Context
Reading Robert Pinget
by John Taylor
In his playful and candid book-length interview with Madeleine Renouard (Robert Pinget à la letter, 1993), the author of The Inquisitory (1962) and Monsieur Songe (1982) distinguishes his writing from Alain Robbe-Grillet’s. Pinget
(1919-1997) claims that, whereas Robbe-Grillet emphasizes the eye, he
privileges the ear. The quip suggests a useful way of
approaching a substantial, joyfully prolific, yet meticulously unified
oeuvre; and it also points to the delicate problems facing the
translator of Pinget’s delightfully idiosyncratic prose based on puns,
consonance, assonance, masterfully applied colloquial syntax, and
numerous other “musical” qualities. Fortunately, quite a few of
Pinget’s novels have been expertly translated during the past three
decades, notably by Barbara Wright. First and foremost, they are
pleasurable to read, even more so aloud. That Pinget also wrote
numerous radio plays and several successful stage plays corroborates
this oral and aural predominance. “Musical” is no gratuitous epithet here.
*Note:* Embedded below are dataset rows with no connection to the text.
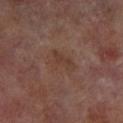Findings:
* follow-up: imaged on a skin check; not biopsied
* tile lighting: cross-polarized
* location: the right lower leg
* subject: male, aged 68–72
* size: about 3.5 mm
* image source: ~15 mm crop, total-body skin-cancer survey
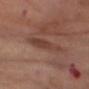biopsy status: no biopsy performed (imaged during a skin exam) | patient: female, about 55 years old | site: the right thigh | lesion diameter: about 5 mm | illumination: cross-polarized | acquisition: 15 mm crop, total-body photography | TBP lesion metrics: a mean CIELAB color near L≈42 a*≈20 b*≈26, a lesion–skin lightness drop of about 7, and a normalized border contrast of about 5.5; a border-irregularity index near 3/10, a color-variation rating of about 3.5/10, and a peripheral color-asymmetry measure near 1.
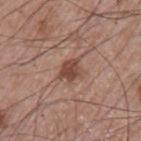No biopsy was performed on this lesion — it was imaged during a full skin examination and was not determined to be concerning.
The lesion is located on the left upper arm.
A male patient in their mid- to late 60s.
A 15 mm crop from a total-body photograph taken for skin-cancer surveillance.
This is a white-light tile.
An algorithmic analysis of the crop reported a footprint of about 5 mm² and a symmetry-axis asymmetry near 0.3. The software also gave a border-irregularity index near 3.5/10, internal color variation of about 2.5 on a 0–10 scale, and a peripheral color-asymmetry measure near 1. The analysis additionally found a nevus-likeness score of about 80/100 and a lesion-detection confidence of about 100/100.
About 3.5 mm across.
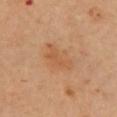Case summary:
– biopsy status · imaged on a skin check; not biopsied
– acquisition · 15 mm crop, total-body photography
– patient · male, in their mid-60s
– site · the chest
– lesion size · ≈5 mm
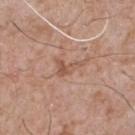notes: imaged on a skin check; not biopsied | anatomic site: the chest | patient: male, aged around 75 | size: ~3.5 mm (longest diameter) | lighting: white-light illumination | image-analysis metrics: a footprint of about 4 mm², an outline eccentricity of about 0.85 (0 = round, 1 = elongated), and a symmetry-axis asymmetry near 0.65; a peripheral color-asymmetry measure near 0.5; a nevus-likeness score of about 0/100 and lesion-presence confidence of about 100/100 | image source: ~15 mm crop, total-body skin-cancer survey.
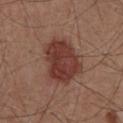Assessment:
This lesion was catalogued during total-body skin photography and was not selected for biopsy.
Clinical summary:
The lesion's longest dimension is about 5.5 mm. A male subject, roughly 55 years of age. On the front of the torso. A 15 mm close-up extracted from a 3D total-body photography capture. Automated image analysis of the tile measured a peripheral color-asymmetry measure near 1.5.
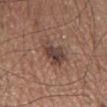The lesion was photographed on a routine skin check and not biopsied; there is no pathology result. The lesion's longest dimension is about 4.5 mm. A female patient, roughly 65 years of age. The lesion-visualizer software estimated an average lesion color of about L≈42 a*≈17 b*≈22 (CIELAB), roughly 10 lightness units darker than nearby skin, and a lesion-to-skin contrast of about 8.5 (normalized; higher = more distinct). The analysis additionally found border irregularity of about 3.5 on a 0–10 scale and internal color variation of about 6 on a 0–10 scale. It also reported an automated nevus-likeness rating near 65 out of 100 and a detector confidence of about 100 out of 100 that the crop contains a lesion. A 15 mm close-up extracted from a 3D total-body photography capture. The tile uses white-light illumination. The lesion is located on the head or neck.
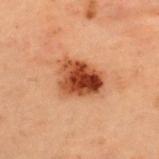Captured during whole-body skin photography for melanoma surveillance; the lesion was not biopsied. A female patient, aged 38 to 42. Measured at roughly 5 mm in maximum diameter. The lesion is located on the upper back. A 15 mm close-up extracted from a 3D total-body photography capture. Automated tile analysis of the lesion measured a normalized border contrast of about 11.5. It also reported a color-variation rating of about 9.5/10. The software also gave lesion-presence confidence of about 100/100. This is a cross-polarized tile.
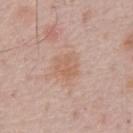<tbp_lesion>
<biopsy_status>not biopsied; imaged during a skin examination</biopsy_status>
<image>
  <source>total-body photography crop</source>
  <field_of_view_mm>15</field_of_view_mm>
</image>
<site>chest</site>
<lesion_size>
  <long_diameter_mm_approx>3.0</long_diameter_mm_approx>
</lesion_size>
<lighting>white-light</lighting>
<patient>
  <sex>male</sex>
  <age_approx>70</age_approx>
</patient>
<automated_metrics>
  <area_mm2_approx>7.5</area_mm2_approx>
  <eccentricity>0.45</eccentricity>
  <shape_asymmetry>0.25</shape_asymmetry>
  <cielab_L>61</cielab_L>
  <cielab_a>20</cielab_a>
  <cielab_b>29</cielab_b>
  <border_irregularity_0_10>2.5</border_irregularity_0_10>
  <color_variation_0_10>2.5</color_variation_0_10>
  <peripheral_color_asymmetry>1.0</peripheral_color_asymmetry>
  <nevus_likeness_0_100>30</nevus_likeness_0_100>
</automated_metrics>
</tbp_lesion>
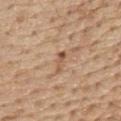The lesion was photographed on a routine skin check and not biopsied; there is no pathology result.
Cropped from a whole-body photographic skin survey; the tile spans about 15 mm.
Captured under white-light illumination.
A male patient, aged 68 to 72.
Automated tile analysis of the lesion measured roughly 10 lightness units darker than nearby skin and a lesion-to-skin contrast of about 7 (normalized; higher = more distinct).
Approximately 2.5 mm at its widest.
From the chest.
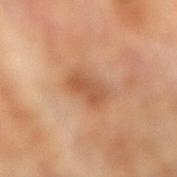Captured during whole-body skin photography for melanoma surveillance; the lesion was not biopsied. The recorded lesion diameter is about 3.5 mm. The lesion is on the right forearm. A region of skin cropped from a whole-body photographic capture, roughly 15 mm wide. Imaged with cross-polarized lighting. A female patient aged around 75.
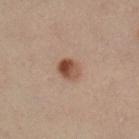No biopsy was performed on this lesion — it was imaged during a full skin examination and was not determined to be concerning. The lesion is on the right lower leg. The subject is a female in their 40s. Captured under cross-polarized illumination. A close-up tile cropped from a whole-body skin photograph, about 15 mm across.
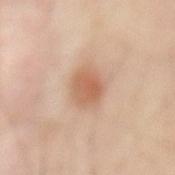From the mid back.
The recorded lesion diameter is about 3.5 mm.
The subject is aged around 55.
A 15 mm crop from a total-body photograph taken for skin-cancer surveillance.
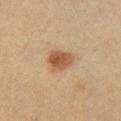Findings:
* lesion diameter: ≈3.5 mm
* acquisition: total-body-photography crop, ~15 mm field of view
* illumination: cross-polarized illumination
* TBP lesion metrics: a lesion area of about 7 mm², a shape eccentricity near 0.55, and a shape-asymmetry score of about 0.25 (0 = symmetric); a within-lesion color-variation index near 4/10 and radial color variation of about 1; an automated nevus-likeness rating near 100 out of 100 and a detector confidence of about 100 out of 100 that the crop contains a lesion
* anatomic site: the chest
* patient: female, roughly 40 years of age
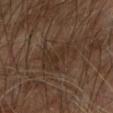Part of a total-body skin-imaging series; this lesion was reviewed on a skin check and was not flagged for biopsy.
The lesion is on the arm.
A 15 mm crop from a total-body photograph taken for skin-cancer surveillance.
A male subject in their 70s.
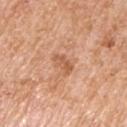Findings:
* workup — no biopsy performed (imaged during a skin exam)
* subject — male, approximately 60 years of age
* illumination — white-light
* body site — the left upper arm
* diameter — about 2.5 mm
* image-analysis metrics — a mean CIELAB color near L≈59 a*≈24 b*≈35 and about 9 CIELAB-L* units darker than the surrounding skin; a color-variation rating of about 2/10 and radial color variation of about 1; a nevus-likeness score of about 0/100 and lesion-presence confidence of about 100/100
* image source — ~15 mm crop, total-body skin-cancer survey
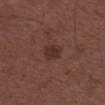Assessment: The lesion was photographed on a routine skin check and not biopsied; there is no pathology result. Context: A male subject, in their 50s. This is a white-light tile. Cropped from a total-body skin-imaging series; the visible field is about 15 mm. The total-body-photography lesion software estimated an average lesion color of about L≈32 a*≈20 b*≈23 (CIELAB), roughly 6 lightness units darker than nearby skin, and a normalized lesion–skin contrast near 6. The analysis additionally found a border-irregularity index near 2.5/10, a color-variation rating of about 2/10, and peripheral color asymmetry of about 0.5.
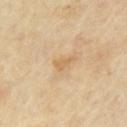Imaged during a routine full-body skin examination; the lesion was not biopsied and no histopathology is available. On the left upper arm. A male subject in their mid-60s. A region of skin cropped from a whole-body photographic capture, roughly 15 mm wide.

The author of Passacaglia (1969), which is available in the Dalkey Archive trilogy Trio,
was an accomplished amateur cellist. His love of Baroque (and
especially Bach’s) music surpassed the limits of a mere pastime. His
ingrained musicality and acquired musical knowledge arguably affected
the oral and aural, as well as monologue-like and dialogue-like
orientations of his writing style; he himself admitted that his love of
music induced the characteristic “variations” that occur in single
novels and indeed link most of his novels together. It is true that,
above all, a handful of characters (a maid, a butler, other servants,
farmers, a niece, a nephew, an alter ego named “Mortin,” and above all
a tyrannical “master” who owns a château, is losing his memory, and
also regularly poses as a finicky old writer) reappear in many of his
novels, each time in slightly different guises. These not entirely
stable characterleitmotivs, as they might be called, give a remarkable
and, once again, amusing unity to Pinget’s fiction. Moreover, a
likewise slightly shifting geographical unity derives from his frequent
use of the place names Agapa and Fantoine, which originate in his first
book, Between Fantoine and Agapa (1951/1966), a collection of fantasy and metaphysical stories (also comprised in Trio).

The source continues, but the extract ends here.